A beleaguered cheer goes up from the survivors. A wind bullet detonates against its chest, the impact causing it to stumble. And then another. Lashes of flame wrap around its neck and arms, bathing it in a corona of fire. Muskets, good Albionese muskets, crackle, bullets sparking off the things body. But through it all, their foe somehow doesn't fall, doesn't collapse despite the ruinous devastation being flung at it that should have torn a man to ribbons.

In the sky, the leader of the dragonflight apparently notes this resilience. He steepens his dive, intent clear to all who see it. The dragon's maw parts, fore legs splayed out as it prepares to crush the Great Enemy beneath its massive weight. Despite the distance, he sees the royal knights wand rising, the crackle of lightning upon its tip for the coup de grace.

The horned foe straightens abruptly. Claps her hands together.

Lightning illuminates the sky once more.

Grounding itself on empty space where the foe had stood an instant before.

The frustrated roar of the dragon fills the otherwise quiet air, mages and arms men looking about in confusion.

But then air, the ground, the entire forest reacts. It pulses, sings, screams.

Men stumble and yell, hands clapping to their ears as the unearthly shriek pierces their skulls, the discordant howl sinking into their very marrow. He feels it tearing at him, squeezing his brain like a vice, eyeballs trembling with impossible pressure within. Only his earthly prison prevents him from shutting his ears, gouging at tormented eyes. The world goes black for an instant, returning in a sudden flash of light and dead silence.

His mouth goes dry.

Half the surviving soldiers are gone. Their corpses strewn about the ground in various stages of butchery. And in their place... in their place...

Seamless armor that perfectly conforms to lithe forms. Shimmering plate in ever changing hues of dark greens and browns that effortlessly blends into the forest surroundings. Elegantly patterned blades, curved edges glowing with potent magical auras. Slim muskets of alien design, yet sleekly efficient as their bearers. Finely wrought conical helms with visage concealing face guards, visors revealing piercing blue eyes that stand out despite the forest gloom. And emerging from openings in the side, finely tapered ears that stretch out for a fingers worth.

Elves.

Not one of the dread enemy they had come expecting to face. Not two. A full score.

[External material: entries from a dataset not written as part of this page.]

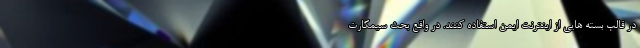
در قالب بسته هایی از اینترنت ایمن استفاده کنند. در واقع بحث سیمکارت
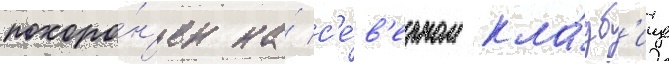
похоро́н'ен на́ с'е́в'ерном кла́дб'ище
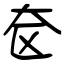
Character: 奁
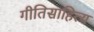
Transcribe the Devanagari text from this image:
गीतिसाहित्य
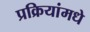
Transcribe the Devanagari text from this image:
प्रक्रियांमधे
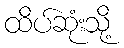
ထိပ်ဆုံးသို့
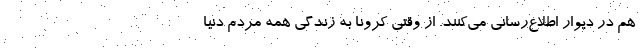
هم در دیوار اطلاع‌رسانی می‌کنند. از وقتی کرونا به زندگی همه مردم دنیا
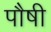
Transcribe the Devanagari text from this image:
पौषी
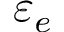
\varepsilon _ { e }
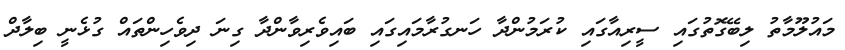
މައުލޫމާތު ލިބޭގޮތުގައި ސީރިއާގައި ކުރަމުންދާ ހަނގުރާމައިގައި ބައިވެރިވާންދާ ގިނަ ދިވެހިންތައް ގުޅެނީ ބިލާދް

And standing tall above the battlefield, the crushed corpse of a wind dragon beneath one massive claw, was a thing out of nightmare soaked legend.

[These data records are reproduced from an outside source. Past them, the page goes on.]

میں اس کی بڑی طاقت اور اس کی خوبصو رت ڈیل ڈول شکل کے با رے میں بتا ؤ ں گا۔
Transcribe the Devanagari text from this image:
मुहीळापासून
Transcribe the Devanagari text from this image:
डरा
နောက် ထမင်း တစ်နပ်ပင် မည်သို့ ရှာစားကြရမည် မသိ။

Seven obsidian scaled heads, each large enough to swallow a man whole, swayed hypnotically, surveying the battlefield hungrily. Noxious bile dripped from the hydra's maws, every drop turning grassland into steaming ash. It loomed over them all, a giant easily thrice the size of a wind dragon. And atop its back, reins held in one hand, an elf in gleaming midnight armor.

His heart pounds, mind races. Only one line of thought repeating itself over and over again. No infiltrator. No lone agent spreading poison and bewitching minds. Not with these numbers. The worst possible result. Their greatest fear made flesh.

Invasion.

For a single, too short moment, silence rules over the battlefield.

A man stammers defiance, raises his wand. White hot flames envelop him in mid word, roar with an inferno's intensity for a heartbeat. A tottering skeleton collapses into ash.

And like that, the battle begins in earnest.

Armsmen scream defiance, muskets cracking while others charge with bayonets. Mage knights throw fireballs, conjured boulders and wind bullets with near reckless abandon, casting as fast as their lips can move.

But for all their desperation, for all their numbers, elven weapons and magic answer in greater ferocity. A steady stuttering roar drowns out merely human weapons, elven muskets twinkling with rapid fire flashes. Whole squads of armsmen fall, scythed before they can even ready a second volley. Lightning crackles once, twice, jagged lances forking between loosely clustered men. Groups of royal knights fall like stringless puppets, limbs twitching uncontrollably.

The hydra charges, thundering over the battlefield with an ear splitting howl, fire and wind spells all but sliding off its massive hide. Knights and armsmen disappear beneath its bulk, or are thrown aside by a bat of its clawed feet.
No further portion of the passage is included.